**Problem to solve**
Start at the line below containing "Its self-contained STEP" and stop at the line containing "#1436=CIRCLE('',#6903,4.5);". Repeat every line of that stretch exactly, and nothing outside it.

**Records**
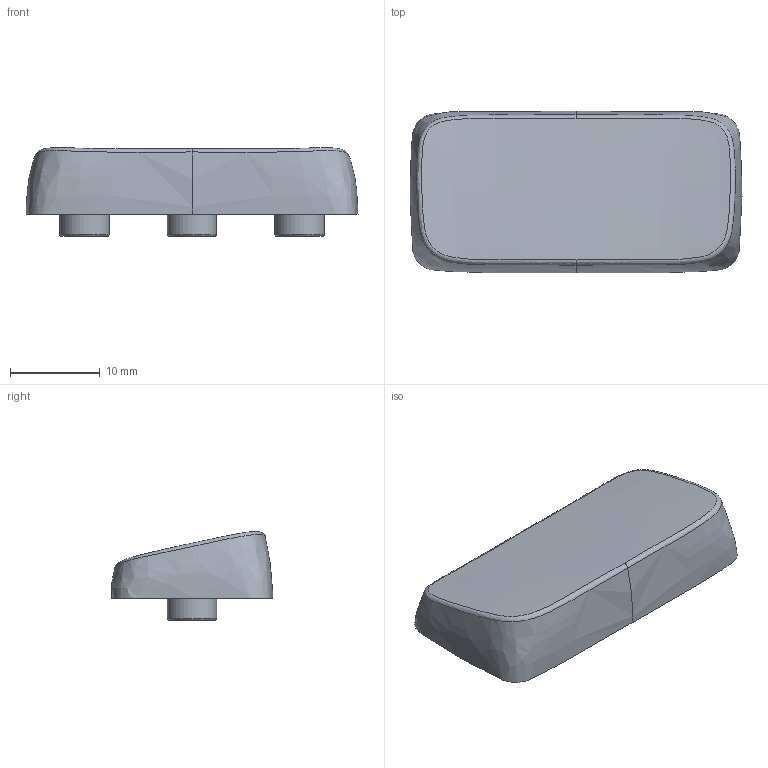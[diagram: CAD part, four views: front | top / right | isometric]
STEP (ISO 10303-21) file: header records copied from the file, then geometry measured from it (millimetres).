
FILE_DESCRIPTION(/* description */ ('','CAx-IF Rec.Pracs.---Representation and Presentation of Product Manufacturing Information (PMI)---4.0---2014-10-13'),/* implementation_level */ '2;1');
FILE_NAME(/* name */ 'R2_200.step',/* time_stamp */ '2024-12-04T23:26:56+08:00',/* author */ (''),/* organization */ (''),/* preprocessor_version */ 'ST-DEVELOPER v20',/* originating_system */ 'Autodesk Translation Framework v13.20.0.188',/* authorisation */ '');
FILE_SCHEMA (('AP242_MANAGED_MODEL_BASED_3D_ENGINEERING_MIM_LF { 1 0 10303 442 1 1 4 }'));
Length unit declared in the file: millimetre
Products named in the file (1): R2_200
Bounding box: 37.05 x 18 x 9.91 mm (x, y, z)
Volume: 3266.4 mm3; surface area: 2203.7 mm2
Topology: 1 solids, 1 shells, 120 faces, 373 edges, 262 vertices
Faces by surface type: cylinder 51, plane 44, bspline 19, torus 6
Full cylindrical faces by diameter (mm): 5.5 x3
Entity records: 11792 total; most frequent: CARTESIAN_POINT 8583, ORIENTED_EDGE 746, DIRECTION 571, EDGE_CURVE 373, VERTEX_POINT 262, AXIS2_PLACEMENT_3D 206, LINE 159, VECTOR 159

* * *

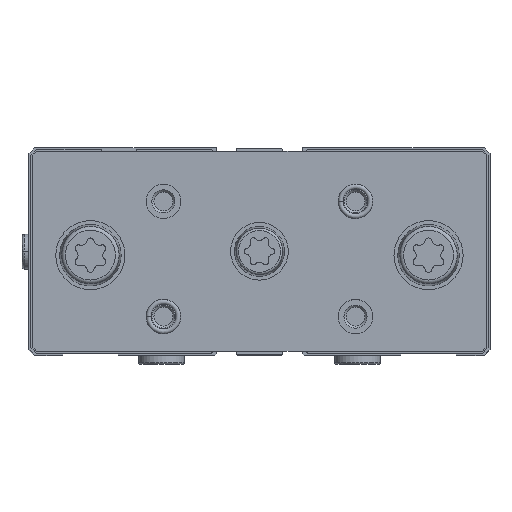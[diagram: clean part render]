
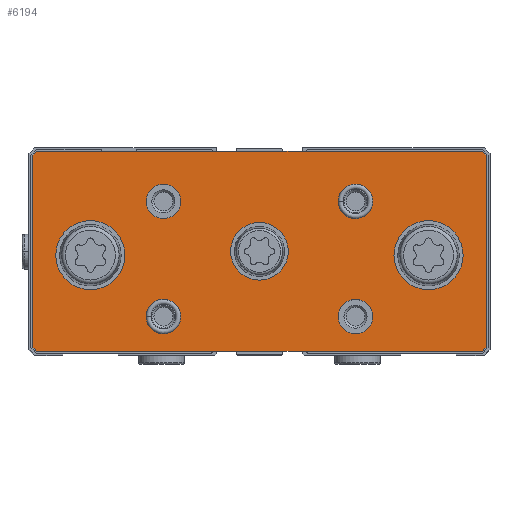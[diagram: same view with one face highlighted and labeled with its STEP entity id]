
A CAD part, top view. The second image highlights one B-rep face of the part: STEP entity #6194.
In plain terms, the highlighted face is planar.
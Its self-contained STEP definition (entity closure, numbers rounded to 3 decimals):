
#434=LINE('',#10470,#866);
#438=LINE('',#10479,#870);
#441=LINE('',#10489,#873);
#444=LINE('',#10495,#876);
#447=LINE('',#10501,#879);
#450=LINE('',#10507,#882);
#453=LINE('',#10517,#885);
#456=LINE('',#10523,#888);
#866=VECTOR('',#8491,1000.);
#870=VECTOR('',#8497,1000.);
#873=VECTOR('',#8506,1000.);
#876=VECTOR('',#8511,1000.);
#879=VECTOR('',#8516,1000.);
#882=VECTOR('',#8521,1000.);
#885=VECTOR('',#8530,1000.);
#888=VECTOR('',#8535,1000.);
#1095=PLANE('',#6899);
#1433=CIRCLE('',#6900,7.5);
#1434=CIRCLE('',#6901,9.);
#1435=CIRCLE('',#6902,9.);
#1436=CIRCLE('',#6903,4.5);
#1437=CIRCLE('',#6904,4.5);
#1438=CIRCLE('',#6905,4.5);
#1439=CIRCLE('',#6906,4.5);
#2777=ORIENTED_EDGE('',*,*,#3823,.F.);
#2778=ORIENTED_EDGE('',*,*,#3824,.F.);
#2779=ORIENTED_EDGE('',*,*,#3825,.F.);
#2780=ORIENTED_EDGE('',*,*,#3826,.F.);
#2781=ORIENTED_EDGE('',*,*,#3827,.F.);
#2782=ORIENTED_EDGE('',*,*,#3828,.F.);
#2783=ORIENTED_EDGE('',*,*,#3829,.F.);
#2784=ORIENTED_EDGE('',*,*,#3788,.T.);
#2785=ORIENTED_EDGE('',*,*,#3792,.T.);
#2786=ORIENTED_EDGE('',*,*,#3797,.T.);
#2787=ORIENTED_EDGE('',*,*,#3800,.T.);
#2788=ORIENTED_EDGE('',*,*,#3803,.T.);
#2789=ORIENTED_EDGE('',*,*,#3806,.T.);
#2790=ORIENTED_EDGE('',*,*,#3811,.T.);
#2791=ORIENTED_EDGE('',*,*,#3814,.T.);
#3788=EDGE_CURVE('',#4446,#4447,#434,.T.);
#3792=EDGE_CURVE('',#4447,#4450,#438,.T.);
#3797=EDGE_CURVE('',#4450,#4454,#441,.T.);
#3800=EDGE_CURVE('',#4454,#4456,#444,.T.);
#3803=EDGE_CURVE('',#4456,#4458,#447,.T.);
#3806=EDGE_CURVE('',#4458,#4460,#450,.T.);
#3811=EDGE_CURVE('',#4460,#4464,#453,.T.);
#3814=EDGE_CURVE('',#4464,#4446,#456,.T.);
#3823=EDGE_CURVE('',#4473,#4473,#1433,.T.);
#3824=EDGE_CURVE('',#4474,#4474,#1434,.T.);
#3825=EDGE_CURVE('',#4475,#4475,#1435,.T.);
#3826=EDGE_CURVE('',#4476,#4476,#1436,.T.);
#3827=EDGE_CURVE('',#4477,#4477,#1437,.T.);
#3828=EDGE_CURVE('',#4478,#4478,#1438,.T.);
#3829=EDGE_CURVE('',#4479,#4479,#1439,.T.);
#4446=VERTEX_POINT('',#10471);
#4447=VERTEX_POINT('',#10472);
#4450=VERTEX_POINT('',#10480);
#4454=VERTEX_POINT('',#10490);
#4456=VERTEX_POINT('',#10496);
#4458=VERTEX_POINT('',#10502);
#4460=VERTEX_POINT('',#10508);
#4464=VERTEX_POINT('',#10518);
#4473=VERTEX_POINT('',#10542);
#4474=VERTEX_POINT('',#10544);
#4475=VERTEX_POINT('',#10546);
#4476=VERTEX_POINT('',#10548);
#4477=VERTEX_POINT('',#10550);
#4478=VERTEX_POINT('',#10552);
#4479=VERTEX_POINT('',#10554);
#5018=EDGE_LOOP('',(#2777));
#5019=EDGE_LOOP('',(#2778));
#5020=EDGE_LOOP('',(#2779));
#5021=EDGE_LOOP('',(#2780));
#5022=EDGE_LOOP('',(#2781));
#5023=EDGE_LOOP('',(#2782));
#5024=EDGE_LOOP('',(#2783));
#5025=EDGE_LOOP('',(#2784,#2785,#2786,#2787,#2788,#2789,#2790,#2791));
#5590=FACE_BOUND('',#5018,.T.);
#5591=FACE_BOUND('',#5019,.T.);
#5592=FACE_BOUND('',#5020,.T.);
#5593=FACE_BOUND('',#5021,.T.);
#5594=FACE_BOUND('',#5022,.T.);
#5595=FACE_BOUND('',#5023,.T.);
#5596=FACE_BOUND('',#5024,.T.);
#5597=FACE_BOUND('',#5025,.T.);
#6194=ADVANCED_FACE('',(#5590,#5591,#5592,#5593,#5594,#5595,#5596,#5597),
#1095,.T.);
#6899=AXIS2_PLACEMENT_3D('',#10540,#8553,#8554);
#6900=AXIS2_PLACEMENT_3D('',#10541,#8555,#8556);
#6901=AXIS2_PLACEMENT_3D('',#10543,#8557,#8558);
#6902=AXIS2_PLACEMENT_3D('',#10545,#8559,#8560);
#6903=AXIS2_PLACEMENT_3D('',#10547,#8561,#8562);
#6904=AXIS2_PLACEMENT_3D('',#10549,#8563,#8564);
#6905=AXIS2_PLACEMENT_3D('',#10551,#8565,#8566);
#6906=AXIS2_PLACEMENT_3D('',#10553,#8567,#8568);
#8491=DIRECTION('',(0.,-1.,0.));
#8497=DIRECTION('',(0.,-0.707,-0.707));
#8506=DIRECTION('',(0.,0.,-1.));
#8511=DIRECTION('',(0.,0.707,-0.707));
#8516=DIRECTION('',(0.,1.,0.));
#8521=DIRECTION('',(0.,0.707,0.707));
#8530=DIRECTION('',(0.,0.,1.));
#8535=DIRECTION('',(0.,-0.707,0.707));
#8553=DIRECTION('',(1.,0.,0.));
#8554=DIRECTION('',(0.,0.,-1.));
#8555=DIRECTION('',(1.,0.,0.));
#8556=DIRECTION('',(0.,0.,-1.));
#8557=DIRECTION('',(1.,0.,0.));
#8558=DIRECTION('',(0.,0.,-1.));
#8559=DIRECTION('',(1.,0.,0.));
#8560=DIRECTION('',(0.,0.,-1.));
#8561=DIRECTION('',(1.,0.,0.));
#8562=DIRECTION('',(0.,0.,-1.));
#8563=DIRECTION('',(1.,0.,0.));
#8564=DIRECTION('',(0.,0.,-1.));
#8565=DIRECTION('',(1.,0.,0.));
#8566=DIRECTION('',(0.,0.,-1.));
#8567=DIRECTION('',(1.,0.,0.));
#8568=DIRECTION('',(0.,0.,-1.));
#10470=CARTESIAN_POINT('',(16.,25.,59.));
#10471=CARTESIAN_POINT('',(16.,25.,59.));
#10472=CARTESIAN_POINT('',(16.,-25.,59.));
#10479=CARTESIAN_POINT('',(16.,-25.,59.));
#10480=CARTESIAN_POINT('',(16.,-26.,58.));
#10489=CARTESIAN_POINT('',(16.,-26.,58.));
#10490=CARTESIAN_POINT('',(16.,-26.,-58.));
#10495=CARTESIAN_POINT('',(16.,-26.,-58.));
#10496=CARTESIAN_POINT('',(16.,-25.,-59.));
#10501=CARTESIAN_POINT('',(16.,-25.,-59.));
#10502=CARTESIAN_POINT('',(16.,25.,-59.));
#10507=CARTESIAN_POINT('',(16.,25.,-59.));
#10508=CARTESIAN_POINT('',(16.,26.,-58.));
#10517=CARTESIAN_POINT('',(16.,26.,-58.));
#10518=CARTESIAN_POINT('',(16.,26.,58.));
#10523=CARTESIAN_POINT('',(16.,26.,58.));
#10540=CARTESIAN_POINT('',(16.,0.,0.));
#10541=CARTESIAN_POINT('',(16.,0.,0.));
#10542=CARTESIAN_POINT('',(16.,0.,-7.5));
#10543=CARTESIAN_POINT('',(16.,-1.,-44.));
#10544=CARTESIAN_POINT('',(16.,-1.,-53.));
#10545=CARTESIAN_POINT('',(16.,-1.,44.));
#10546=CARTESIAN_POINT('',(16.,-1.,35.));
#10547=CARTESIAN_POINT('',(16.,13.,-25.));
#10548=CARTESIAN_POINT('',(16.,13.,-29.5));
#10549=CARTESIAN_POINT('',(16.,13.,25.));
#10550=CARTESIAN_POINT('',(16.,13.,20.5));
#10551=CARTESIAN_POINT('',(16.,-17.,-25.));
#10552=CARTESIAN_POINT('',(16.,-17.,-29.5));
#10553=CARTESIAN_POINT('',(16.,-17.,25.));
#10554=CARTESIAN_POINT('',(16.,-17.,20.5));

**Task solution**
Its self-contained STEP definition (entity closure, numbers rounded to 3 decimals):
#434=LINE('',#10470,#866);
#438=LINE('',#10479,#870);
#441=LINE('',#10489,#873);
#444=LINE('',#10495,#876);
#447=LINE('',#10501,#879);
#450=LINE('',#10507,#882);
#453=LINE('',#10517,#885);
#456=LINE('',#10523,#888);
#866=VECTOR('',#8491,1000.);
#870=VECTOR('',#8497,1000.);
#873=VECTOR('',#8506,1000.);
#876=VECTOR('',#8511,1000.);
#879=VECTOR('',#8516,1000.);
#882=VECTOR('',#8521,1000.);
#885=VECTOR('',#8530,1000.);
#888=VECTOR('',#8535,1000.);
#1095=PLANE('',#6899);
#1433=CIRCLE('',#6900,7.5);
#1434=CIRCLE('',#6901,9.);
#1435=CIRCLE('',#6902,9.);
#1436=CIRCLE('',#6903,4.5);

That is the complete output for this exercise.